» WHAT YOU WILL DO
Please output all the entries word for word, without the pictures.

DATA EXCERPTS START

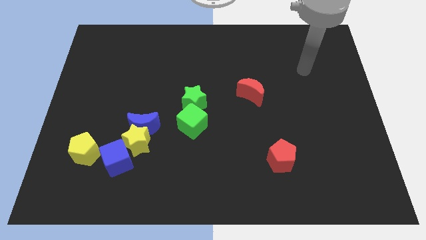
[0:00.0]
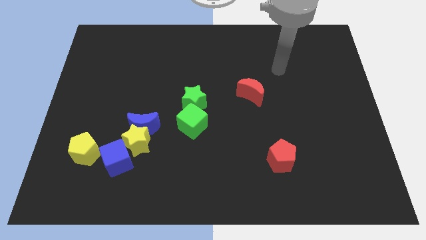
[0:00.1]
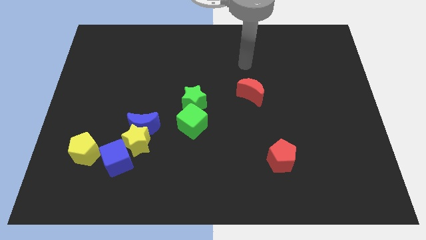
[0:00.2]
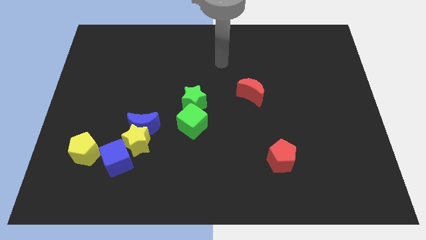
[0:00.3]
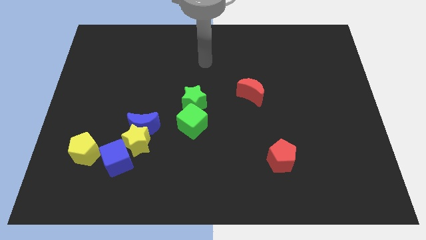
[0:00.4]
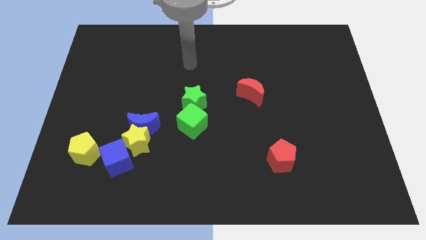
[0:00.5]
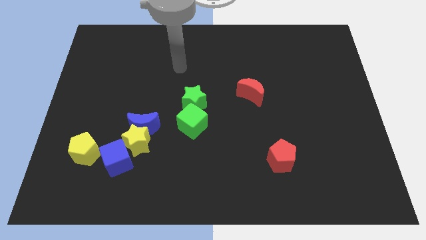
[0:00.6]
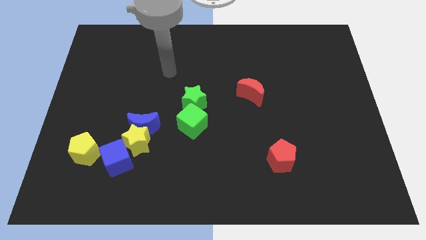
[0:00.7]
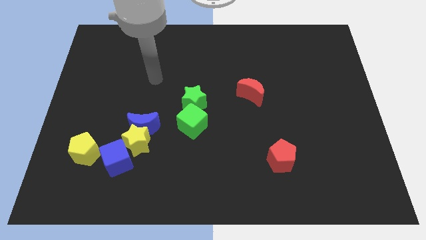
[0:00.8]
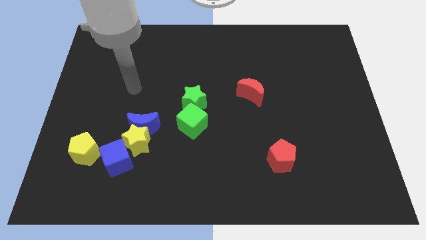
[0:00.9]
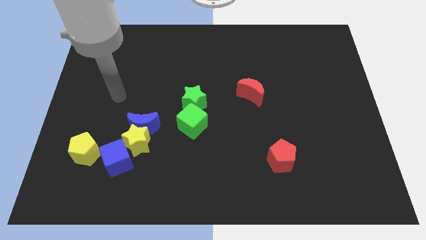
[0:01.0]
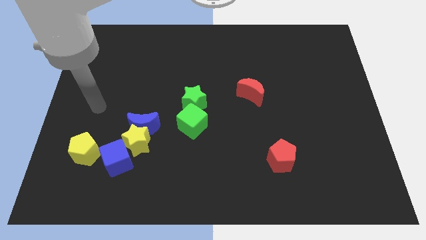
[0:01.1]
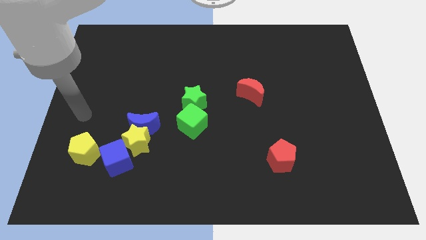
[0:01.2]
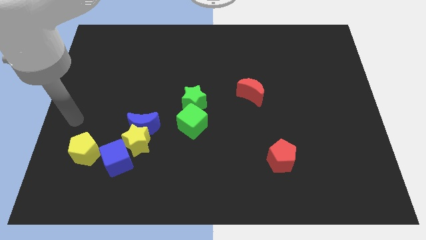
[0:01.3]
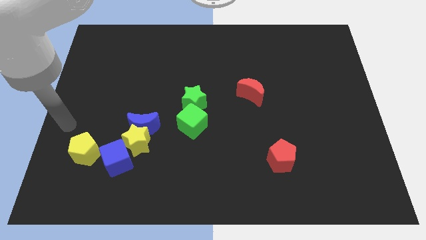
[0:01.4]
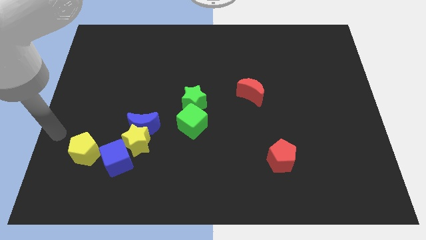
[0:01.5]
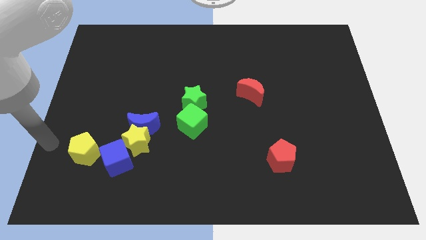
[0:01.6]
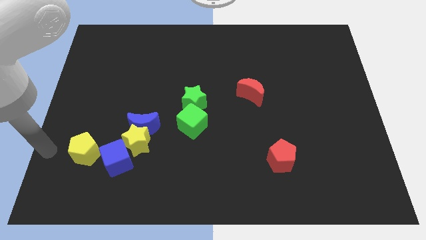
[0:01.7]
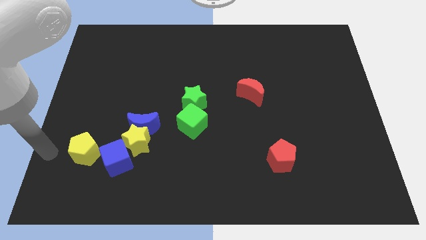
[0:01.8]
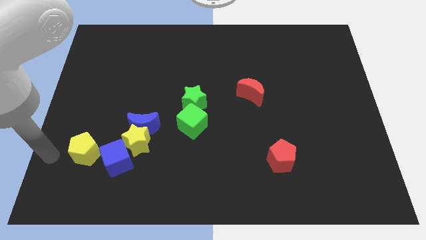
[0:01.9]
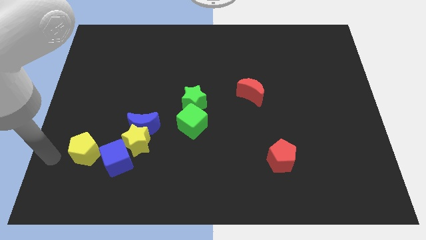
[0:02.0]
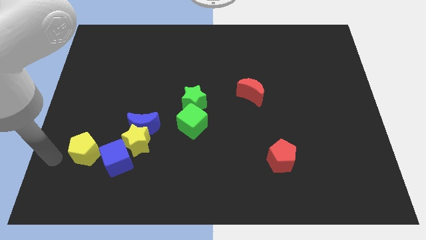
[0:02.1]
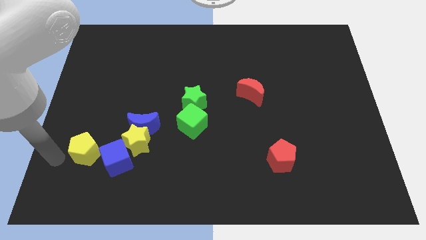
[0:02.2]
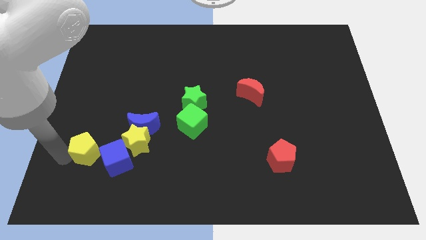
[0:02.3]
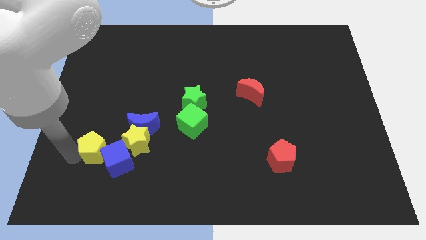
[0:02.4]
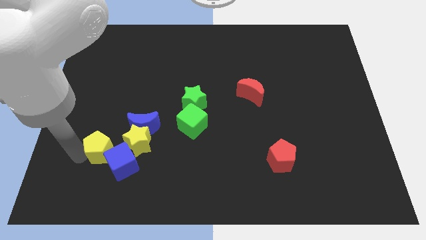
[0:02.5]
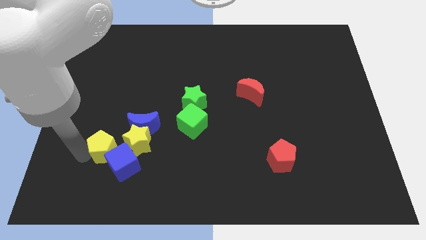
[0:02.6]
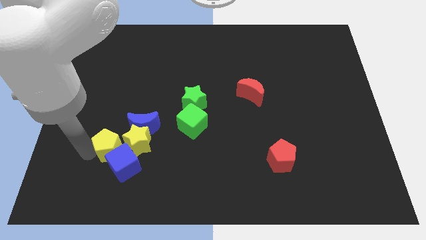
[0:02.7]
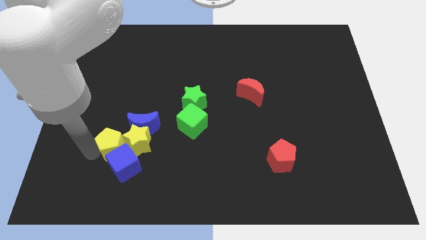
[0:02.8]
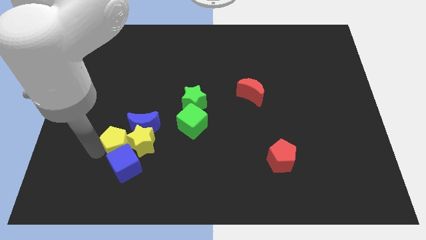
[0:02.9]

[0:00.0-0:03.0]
put the yellow pentagon towards the yellow star

DATA EXCERPTS END

» TASK RESPONSE
[0:00.0]
[0:00.1]
[0:00.2]
[0:00.3]
[0:00.4]
[0:00.5]
[0:00.6]
[0:00.7]
[0:00.8]
[0:00.9]
[0:01.0]
[0:01.1]
[0:01.2]
[0:01.3]
[0:01.4]
[0:01.5]
[0:01.6]
[0:01.7]
[0:01.8]
[0:01.9]
[0:02.0]
[0:02.1]
[0:02.2]
[0:02.3]
[0:02.4]
[0:02.5]
[0:02.6]
[0:02.7]
[0:02.8]
[0:02.9]

[0:00.0-0:03.0]
put the yellow pentagon towards the yellow star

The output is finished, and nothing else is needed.